Photo from Shanna B. Tiayon

On a crisp March 2015 day, in a D.C. suburb, my family and I stood in a fenced-in community garden, nestled behind a church, looking at a grassy, weeded over, 10-foot-by-20-foot rectangular plot, daring us to tame it. The overcast sky hung over us, and our shoes grew damp from the dewy grass. “What are we supposed to do with this?”

Garden tool in hand, Tiayon prepares to plant new vegetables in her family garden. Photo from Shanna B. Tiayon.This was not what I imagined when I signed up at my friend’s suggestion to join a community garden.

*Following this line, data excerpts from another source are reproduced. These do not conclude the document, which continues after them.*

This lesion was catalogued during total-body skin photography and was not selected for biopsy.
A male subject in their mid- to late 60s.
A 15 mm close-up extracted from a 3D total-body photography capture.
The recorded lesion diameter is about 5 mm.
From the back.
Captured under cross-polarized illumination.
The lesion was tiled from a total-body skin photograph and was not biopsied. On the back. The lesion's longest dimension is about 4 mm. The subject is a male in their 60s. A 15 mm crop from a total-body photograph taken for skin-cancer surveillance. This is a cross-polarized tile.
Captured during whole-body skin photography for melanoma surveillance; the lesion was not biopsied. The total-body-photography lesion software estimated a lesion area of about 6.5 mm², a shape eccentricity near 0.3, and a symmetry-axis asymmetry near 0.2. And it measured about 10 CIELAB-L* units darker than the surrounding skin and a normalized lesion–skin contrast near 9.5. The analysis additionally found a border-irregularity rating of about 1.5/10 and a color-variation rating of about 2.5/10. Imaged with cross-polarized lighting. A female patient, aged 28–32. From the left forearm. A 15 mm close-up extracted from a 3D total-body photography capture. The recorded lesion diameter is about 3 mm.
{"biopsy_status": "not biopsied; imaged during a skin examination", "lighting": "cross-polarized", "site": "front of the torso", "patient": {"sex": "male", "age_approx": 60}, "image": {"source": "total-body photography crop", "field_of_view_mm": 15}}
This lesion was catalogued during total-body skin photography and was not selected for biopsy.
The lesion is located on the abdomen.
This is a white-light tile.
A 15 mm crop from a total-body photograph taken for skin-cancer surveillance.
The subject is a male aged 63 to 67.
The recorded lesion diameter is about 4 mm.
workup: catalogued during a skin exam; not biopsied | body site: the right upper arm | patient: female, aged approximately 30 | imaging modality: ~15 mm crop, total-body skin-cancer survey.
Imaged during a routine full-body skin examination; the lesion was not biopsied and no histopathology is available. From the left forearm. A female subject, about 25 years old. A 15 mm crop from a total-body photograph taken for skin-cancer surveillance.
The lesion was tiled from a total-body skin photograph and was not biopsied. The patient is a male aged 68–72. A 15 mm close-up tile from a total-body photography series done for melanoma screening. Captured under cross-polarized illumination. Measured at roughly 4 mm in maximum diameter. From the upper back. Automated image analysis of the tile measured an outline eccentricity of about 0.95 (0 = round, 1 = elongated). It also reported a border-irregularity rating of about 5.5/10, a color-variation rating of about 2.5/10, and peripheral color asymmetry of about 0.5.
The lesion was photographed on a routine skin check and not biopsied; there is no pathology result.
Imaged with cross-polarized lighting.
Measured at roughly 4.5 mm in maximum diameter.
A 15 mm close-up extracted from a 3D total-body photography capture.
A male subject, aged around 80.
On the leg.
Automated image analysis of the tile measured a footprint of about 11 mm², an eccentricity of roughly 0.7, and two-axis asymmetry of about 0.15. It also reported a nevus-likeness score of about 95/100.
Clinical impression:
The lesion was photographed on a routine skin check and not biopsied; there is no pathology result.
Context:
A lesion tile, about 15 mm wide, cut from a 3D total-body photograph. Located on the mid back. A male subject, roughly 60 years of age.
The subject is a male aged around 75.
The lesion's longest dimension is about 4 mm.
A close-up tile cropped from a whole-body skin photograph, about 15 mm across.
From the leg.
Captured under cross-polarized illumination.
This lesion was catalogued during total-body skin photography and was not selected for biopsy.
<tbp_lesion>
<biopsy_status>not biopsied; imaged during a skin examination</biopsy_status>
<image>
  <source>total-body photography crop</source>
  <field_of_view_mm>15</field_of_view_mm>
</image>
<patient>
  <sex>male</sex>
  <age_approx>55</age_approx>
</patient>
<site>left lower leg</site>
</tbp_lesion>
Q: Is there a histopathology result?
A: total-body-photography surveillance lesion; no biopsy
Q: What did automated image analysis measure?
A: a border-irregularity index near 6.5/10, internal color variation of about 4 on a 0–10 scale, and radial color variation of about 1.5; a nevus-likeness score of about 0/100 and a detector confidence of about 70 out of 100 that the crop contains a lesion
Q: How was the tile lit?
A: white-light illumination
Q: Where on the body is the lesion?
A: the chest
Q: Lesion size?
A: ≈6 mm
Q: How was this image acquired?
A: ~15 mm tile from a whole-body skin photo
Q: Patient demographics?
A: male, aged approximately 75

I envisioned rich dark soil, in neatly arranged rows, waiting for us to sow vegetable seeds and water them with cute silver watering cans.

But we dug in, and that day marked not just the beginning of my healing, but also the start of my family’s suburban homesteading journey.

Contemporary versions of homesteading have maintained a focus on self-sufficiency, sustainability, and independence. The practice dates back to the Homestead Act of 1862 and today can involve one or more of the following practices: small-scale gardening or animal husbandry, home preservation of food, a focus on conservation of resources, or a general DIY approach to commodities.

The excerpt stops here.